Article ID | Journal | Published Year | Pages | File Type |
---|---|---|---|---|
1390079 | Carbohydrate Research | 2016 | 11 Pages |
•The alkaline treatment of carrageenans was modeled by DFT.•The substitution step (SN2) is the rate-limiting step.•Preferably, deprotonation precedes chair inversion.•No major difference by O-2 sulfation is observed in reaction rates.
Modeling of the conversion of methyl 4-O-methyl-α-d-galactopyranoside 6-sulfate (2) and 2,6-disulfate (1) into methyl 3,6-anhydro-4-O-methyl-α-d-galactopyranoside (4) and its 2-sulfate (3), respectively (Scheme 1) has been carried out using DFT at the M06-2X/6–311 + G(d,p)//M06-2X/6–31 + G(d,p) level with the polarizable continuum model (PCM) in water.

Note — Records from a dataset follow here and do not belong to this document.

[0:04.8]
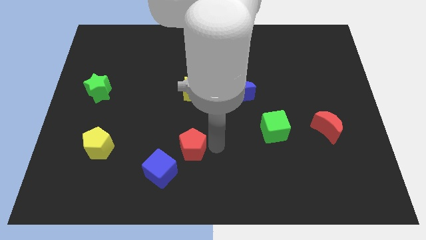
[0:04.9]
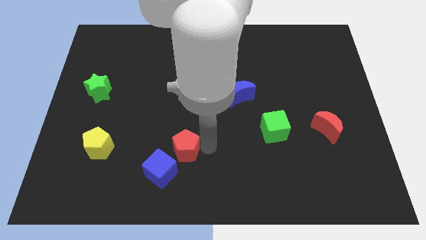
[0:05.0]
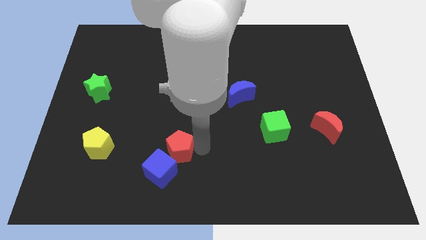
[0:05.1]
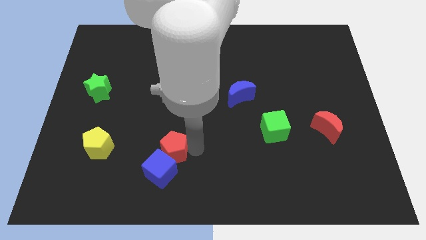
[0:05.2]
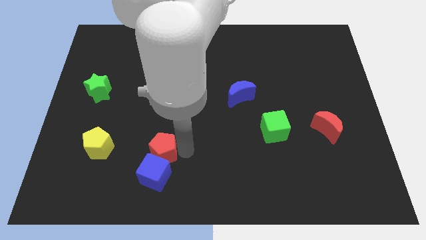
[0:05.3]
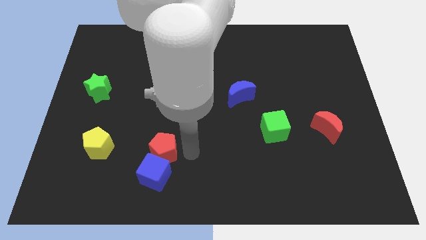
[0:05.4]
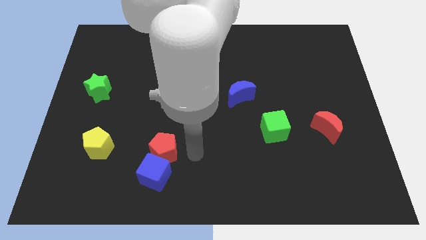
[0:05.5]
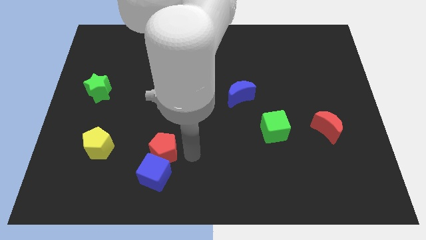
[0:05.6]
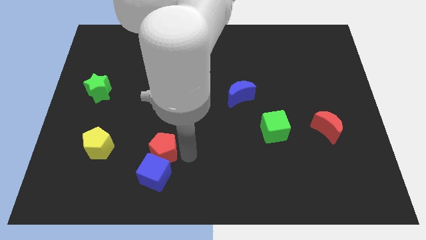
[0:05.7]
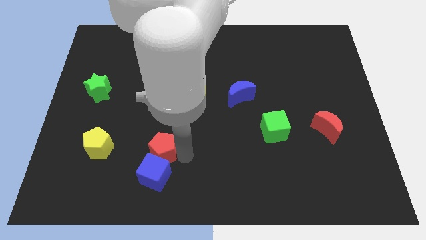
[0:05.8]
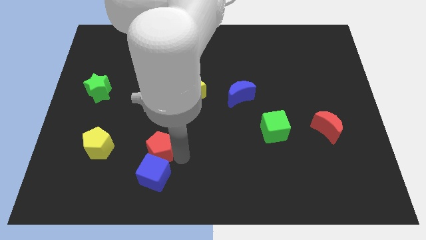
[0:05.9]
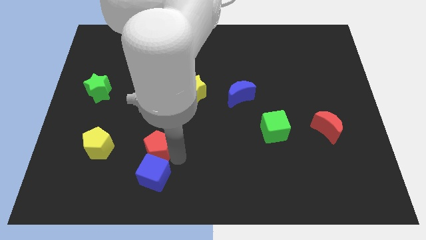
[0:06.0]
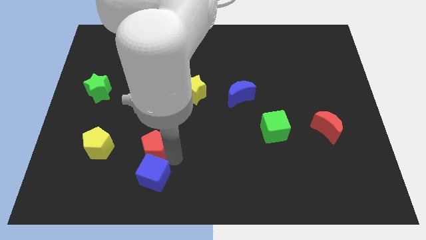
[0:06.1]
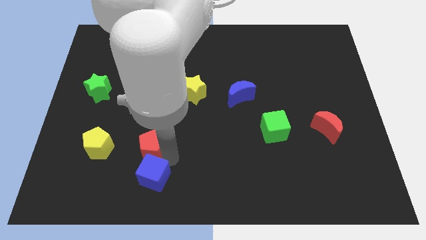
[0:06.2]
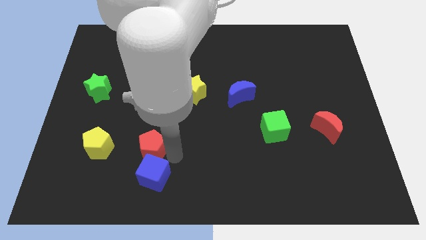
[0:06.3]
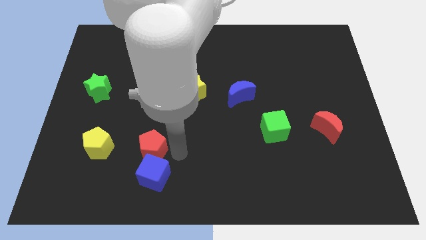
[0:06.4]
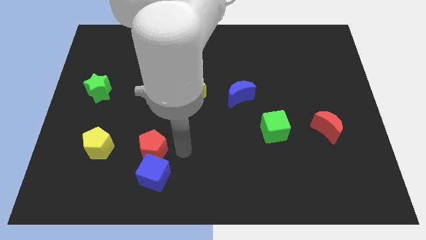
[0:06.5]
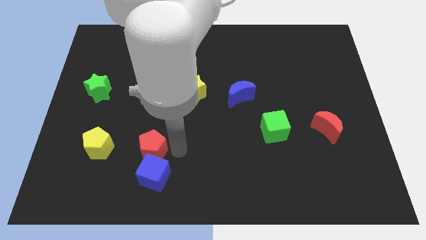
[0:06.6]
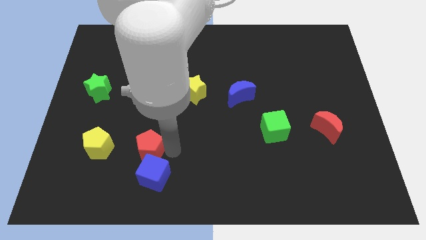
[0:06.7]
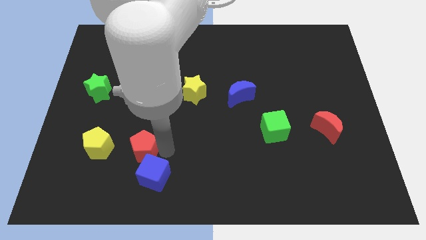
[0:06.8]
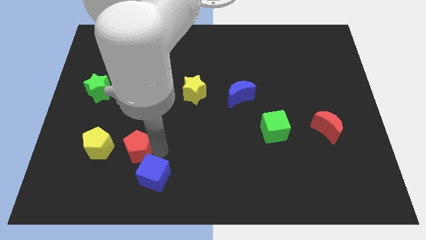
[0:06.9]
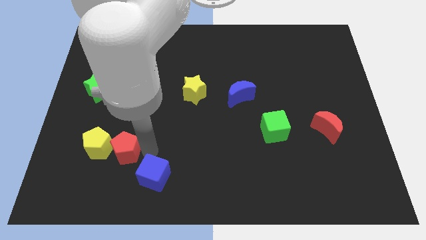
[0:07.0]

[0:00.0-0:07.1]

The three steps necessary for the alkaline transformation of 6-sulfated (and 2,6-disulfated) galactose units into 3,6-anhydro derivatives were evaluated. The final substitution step appears to be the rate limiting, involving an activation energy of ca. 23 kcal/mol. The other two steps (deprotonation and chair inversion) combined involve lower activation energies (9–12 kcal/mol). Comparison of the thermodynamics and kinetics of the reactions suggest that if the deprotonation step precedes the chair inversion, the reaction should be faster for both compounds. No major differences in reaction rate can be theoretically predicted to be caused by the presence of sulfate on O-2, although one experimental result suggested that O-2 sulfation should increase the reaction rate. The conformational pathways are complex, given the large number of rotamers available for each compound, and the way that some of these rotamers combine into some of the pathways. In any case, the conformation OS2 appears as a common intermediate for the chair inversion processes.